Compute how many lines in the data below contain "rect"; answer only with that number.

[Recorded data]
↓

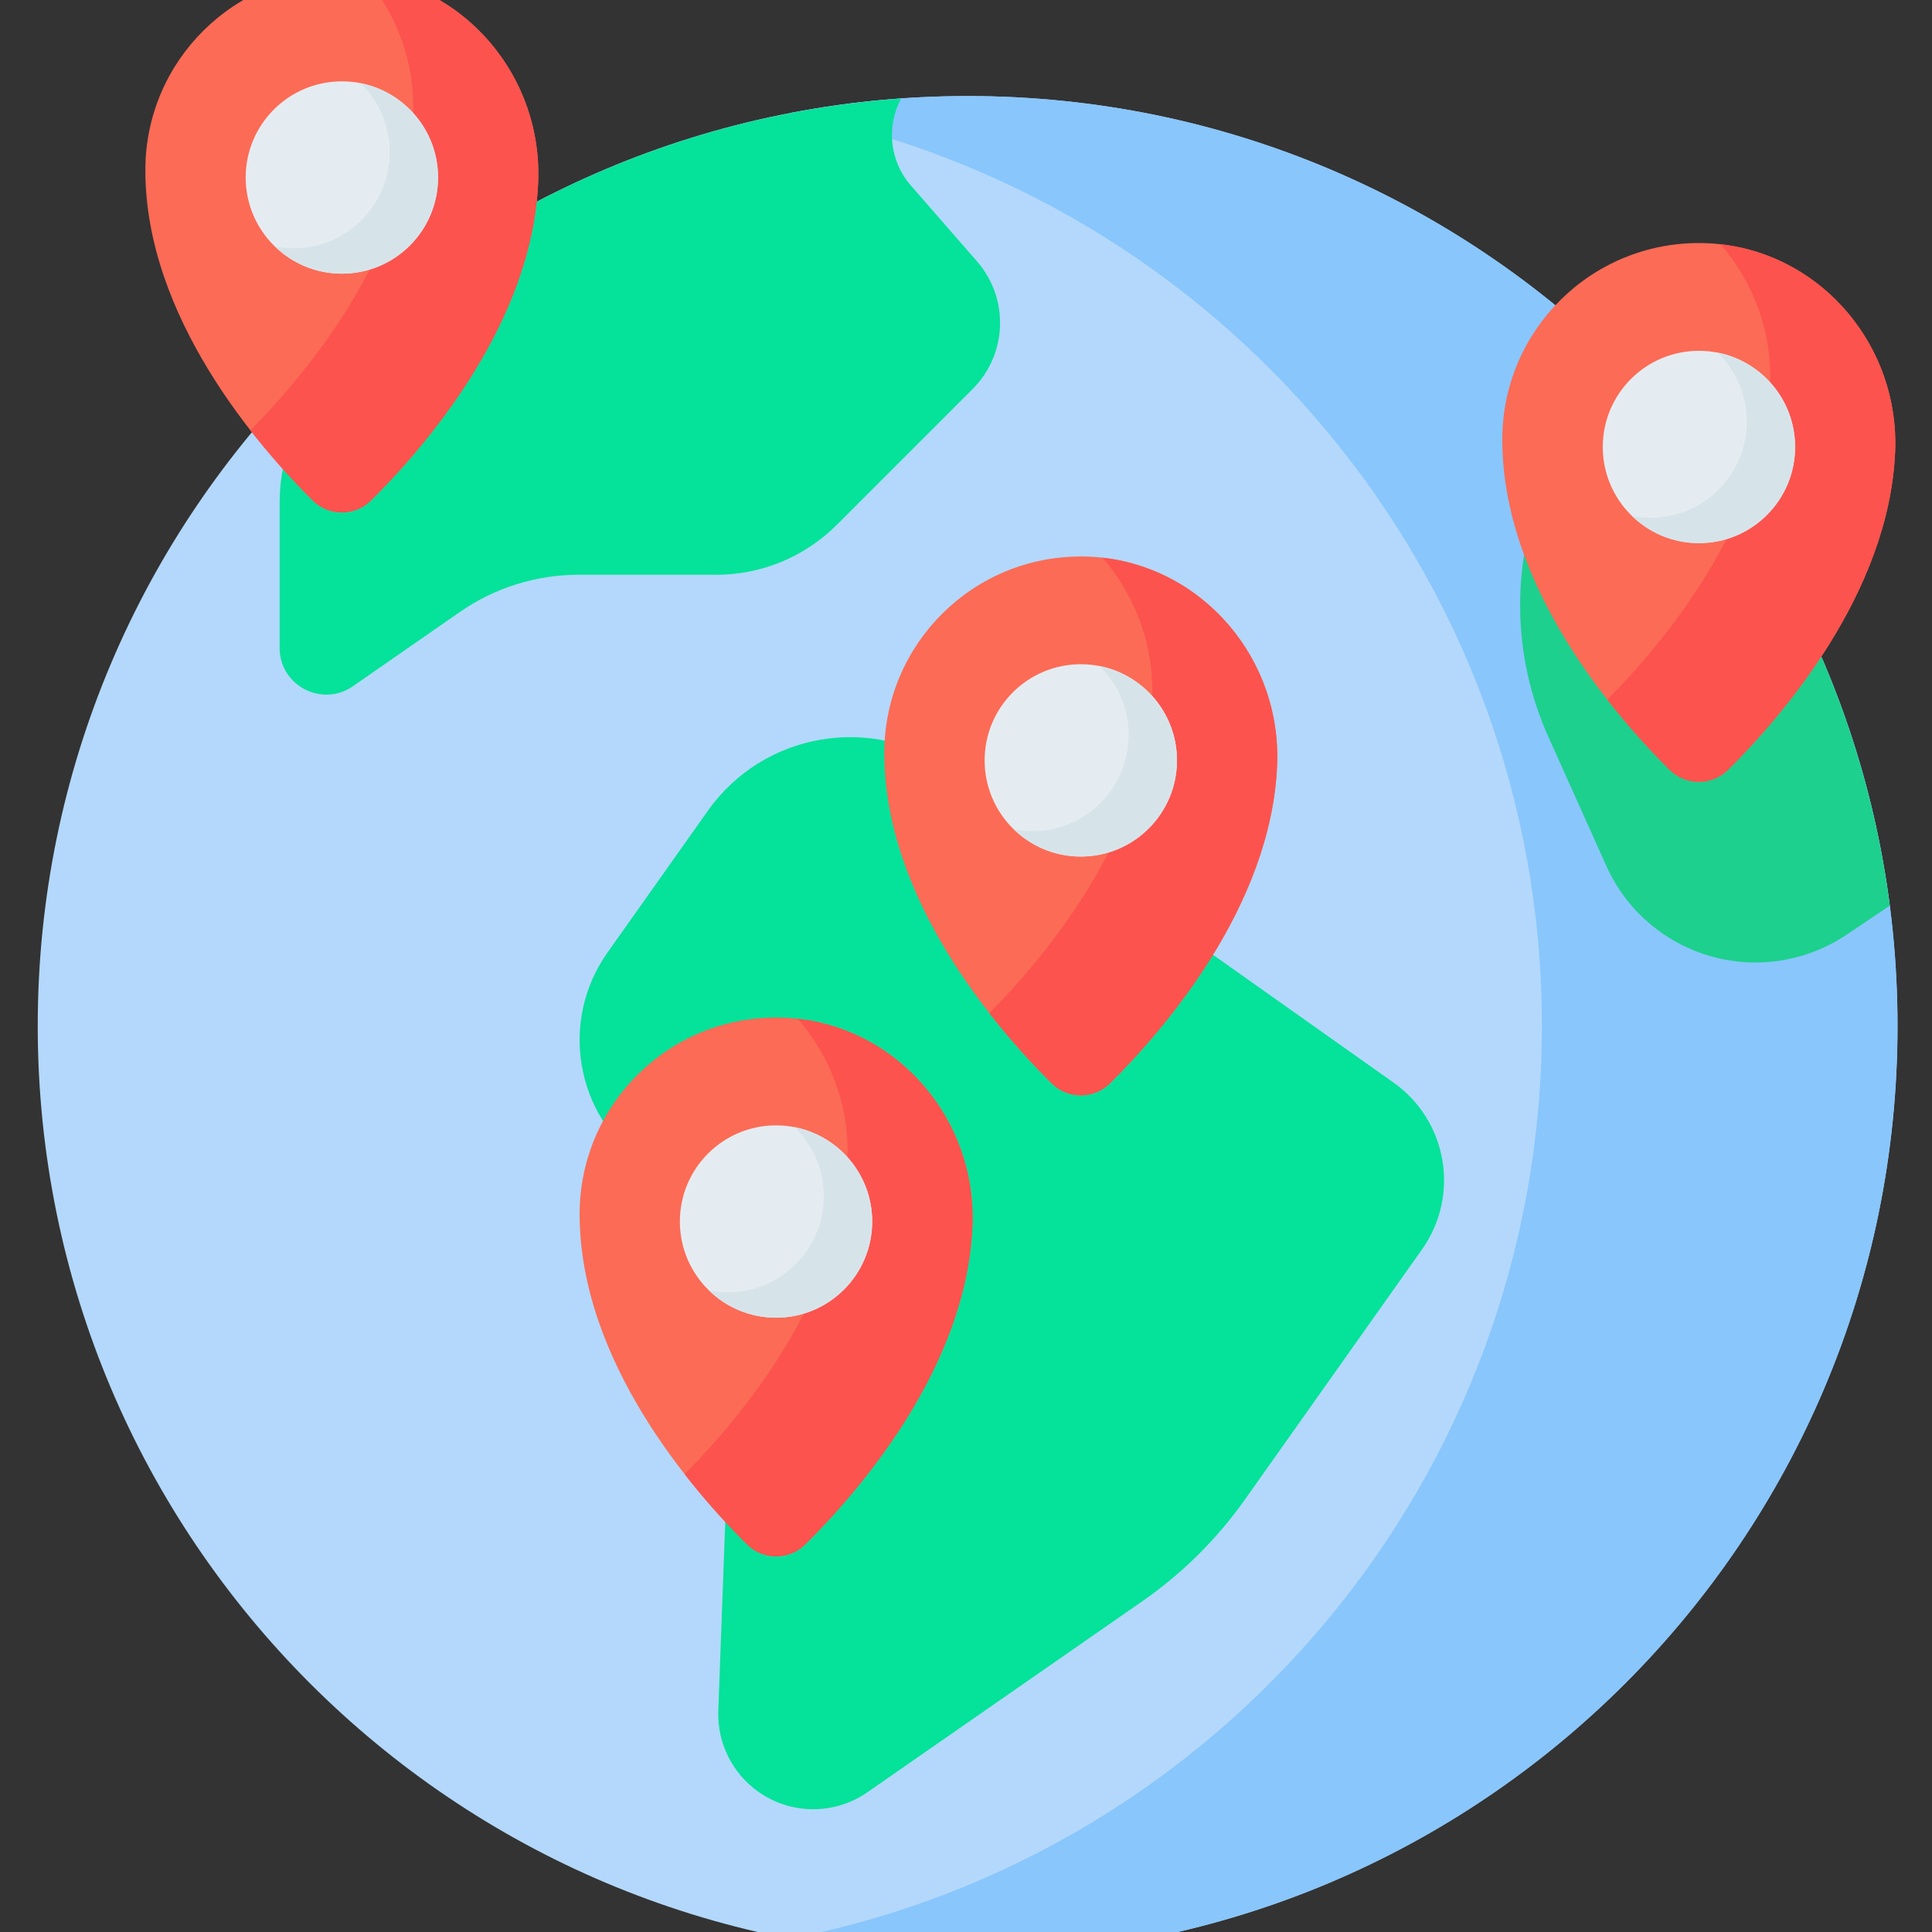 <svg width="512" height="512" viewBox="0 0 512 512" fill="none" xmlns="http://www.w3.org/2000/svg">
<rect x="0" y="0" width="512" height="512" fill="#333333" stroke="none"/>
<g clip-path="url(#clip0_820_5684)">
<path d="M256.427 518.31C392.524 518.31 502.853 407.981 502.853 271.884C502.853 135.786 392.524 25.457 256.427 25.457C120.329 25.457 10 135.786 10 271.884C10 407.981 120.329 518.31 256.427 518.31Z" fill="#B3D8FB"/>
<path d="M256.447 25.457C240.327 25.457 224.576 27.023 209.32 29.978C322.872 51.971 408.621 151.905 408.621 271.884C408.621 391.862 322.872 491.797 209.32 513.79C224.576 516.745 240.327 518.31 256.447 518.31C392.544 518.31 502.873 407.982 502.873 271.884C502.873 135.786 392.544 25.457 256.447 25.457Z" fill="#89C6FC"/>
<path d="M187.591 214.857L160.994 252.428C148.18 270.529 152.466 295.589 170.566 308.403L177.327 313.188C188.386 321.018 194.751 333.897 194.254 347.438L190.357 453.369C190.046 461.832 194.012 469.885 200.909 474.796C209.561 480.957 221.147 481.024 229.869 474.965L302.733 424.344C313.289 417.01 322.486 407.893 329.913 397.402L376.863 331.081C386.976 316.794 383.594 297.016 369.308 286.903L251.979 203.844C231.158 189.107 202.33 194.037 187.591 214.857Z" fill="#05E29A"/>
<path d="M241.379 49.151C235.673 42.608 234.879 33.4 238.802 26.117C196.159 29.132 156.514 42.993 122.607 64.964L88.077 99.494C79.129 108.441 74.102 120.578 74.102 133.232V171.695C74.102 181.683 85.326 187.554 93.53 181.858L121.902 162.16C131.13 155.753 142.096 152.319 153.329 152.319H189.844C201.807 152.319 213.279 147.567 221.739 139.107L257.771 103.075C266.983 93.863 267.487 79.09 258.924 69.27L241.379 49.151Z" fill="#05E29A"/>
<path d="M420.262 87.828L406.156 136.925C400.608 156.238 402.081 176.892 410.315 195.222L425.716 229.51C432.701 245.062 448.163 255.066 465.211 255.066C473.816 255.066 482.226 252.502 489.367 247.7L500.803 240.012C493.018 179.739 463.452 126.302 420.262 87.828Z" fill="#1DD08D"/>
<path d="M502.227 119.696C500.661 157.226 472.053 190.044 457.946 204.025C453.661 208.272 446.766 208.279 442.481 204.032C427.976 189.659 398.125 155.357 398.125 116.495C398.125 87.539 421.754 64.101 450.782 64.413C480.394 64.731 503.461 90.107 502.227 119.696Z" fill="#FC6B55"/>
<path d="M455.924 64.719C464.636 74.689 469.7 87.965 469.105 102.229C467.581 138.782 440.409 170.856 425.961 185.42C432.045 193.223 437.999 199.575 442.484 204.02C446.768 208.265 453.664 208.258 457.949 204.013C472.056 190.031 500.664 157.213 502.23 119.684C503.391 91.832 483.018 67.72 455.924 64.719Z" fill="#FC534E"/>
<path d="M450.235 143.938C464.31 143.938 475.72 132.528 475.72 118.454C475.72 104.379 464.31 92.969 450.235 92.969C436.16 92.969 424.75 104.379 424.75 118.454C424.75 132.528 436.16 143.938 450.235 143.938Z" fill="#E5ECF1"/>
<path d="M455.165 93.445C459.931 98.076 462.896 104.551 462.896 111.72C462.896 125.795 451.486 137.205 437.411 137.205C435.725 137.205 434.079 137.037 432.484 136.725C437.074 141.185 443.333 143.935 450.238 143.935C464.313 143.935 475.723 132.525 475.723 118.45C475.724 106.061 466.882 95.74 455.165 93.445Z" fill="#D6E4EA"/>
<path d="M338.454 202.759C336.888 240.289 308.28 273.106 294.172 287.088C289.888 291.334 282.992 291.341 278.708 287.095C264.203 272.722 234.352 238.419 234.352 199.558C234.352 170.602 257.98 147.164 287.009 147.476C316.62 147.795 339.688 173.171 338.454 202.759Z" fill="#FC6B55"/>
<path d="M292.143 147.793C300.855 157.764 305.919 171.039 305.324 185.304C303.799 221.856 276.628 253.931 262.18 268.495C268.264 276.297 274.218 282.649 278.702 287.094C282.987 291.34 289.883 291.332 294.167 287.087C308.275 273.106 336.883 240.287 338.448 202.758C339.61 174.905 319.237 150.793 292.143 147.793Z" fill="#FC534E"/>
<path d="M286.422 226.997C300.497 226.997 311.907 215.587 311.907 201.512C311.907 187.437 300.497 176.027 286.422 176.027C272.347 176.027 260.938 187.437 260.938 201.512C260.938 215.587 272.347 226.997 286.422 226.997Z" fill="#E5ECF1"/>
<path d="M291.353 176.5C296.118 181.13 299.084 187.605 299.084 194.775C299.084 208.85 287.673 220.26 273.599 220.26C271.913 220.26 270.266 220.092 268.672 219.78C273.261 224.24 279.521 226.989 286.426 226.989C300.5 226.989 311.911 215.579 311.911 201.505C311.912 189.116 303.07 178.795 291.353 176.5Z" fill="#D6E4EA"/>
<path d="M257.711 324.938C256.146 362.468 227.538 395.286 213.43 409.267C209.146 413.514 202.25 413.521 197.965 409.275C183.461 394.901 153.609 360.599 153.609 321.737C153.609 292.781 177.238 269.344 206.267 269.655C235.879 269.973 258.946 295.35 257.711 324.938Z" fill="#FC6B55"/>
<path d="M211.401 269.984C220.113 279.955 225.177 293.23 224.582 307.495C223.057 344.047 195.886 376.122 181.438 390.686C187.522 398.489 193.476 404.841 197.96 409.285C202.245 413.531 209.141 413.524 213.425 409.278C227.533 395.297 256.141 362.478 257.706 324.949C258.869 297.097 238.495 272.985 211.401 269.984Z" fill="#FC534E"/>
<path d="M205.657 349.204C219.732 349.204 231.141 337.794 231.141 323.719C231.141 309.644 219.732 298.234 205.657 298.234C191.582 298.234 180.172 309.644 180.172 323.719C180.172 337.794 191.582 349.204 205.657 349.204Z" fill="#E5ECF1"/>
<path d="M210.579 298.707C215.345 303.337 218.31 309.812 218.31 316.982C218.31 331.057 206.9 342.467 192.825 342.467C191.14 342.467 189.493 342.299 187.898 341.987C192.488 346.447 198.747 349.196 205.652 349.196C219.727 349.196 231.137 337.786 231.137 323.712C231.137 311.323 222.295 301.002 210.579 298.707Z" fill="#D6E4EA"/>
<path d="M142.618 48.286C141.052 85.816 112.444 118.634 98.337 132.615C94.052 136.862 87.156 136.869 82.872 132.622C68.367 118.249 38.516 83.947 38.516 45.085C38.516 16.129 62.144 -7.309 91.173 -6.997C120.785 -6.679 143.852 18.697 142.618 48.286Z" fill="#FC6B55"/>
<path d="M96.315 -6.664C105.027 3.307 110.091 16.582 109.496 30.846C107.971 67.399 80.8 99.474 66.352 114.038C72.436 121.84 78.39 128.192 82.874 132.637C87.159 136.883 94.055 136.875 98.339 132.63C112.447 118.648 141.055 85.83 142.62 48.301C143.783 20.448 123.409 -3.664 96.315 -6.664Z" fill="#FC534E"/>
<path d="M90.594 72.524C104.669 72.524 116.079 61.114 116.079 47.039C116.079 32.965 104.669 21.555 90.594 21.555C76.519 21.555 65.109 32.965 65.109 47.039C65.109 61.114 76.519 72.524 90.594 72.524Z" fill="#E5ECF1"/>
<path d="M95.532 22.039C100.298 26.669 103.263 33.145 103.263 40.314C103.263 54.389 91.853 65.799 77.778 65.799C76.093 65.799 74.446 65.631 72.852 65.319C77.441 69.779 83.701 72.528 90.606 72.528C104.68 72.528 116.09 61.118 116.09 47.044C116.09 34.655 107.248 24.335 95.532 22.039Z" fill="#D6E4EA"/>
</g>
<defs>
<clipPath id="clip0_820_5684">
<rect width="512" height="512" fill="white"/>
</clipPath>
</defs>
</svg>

↑

◆ WRITTEN SOLUTION ◆
2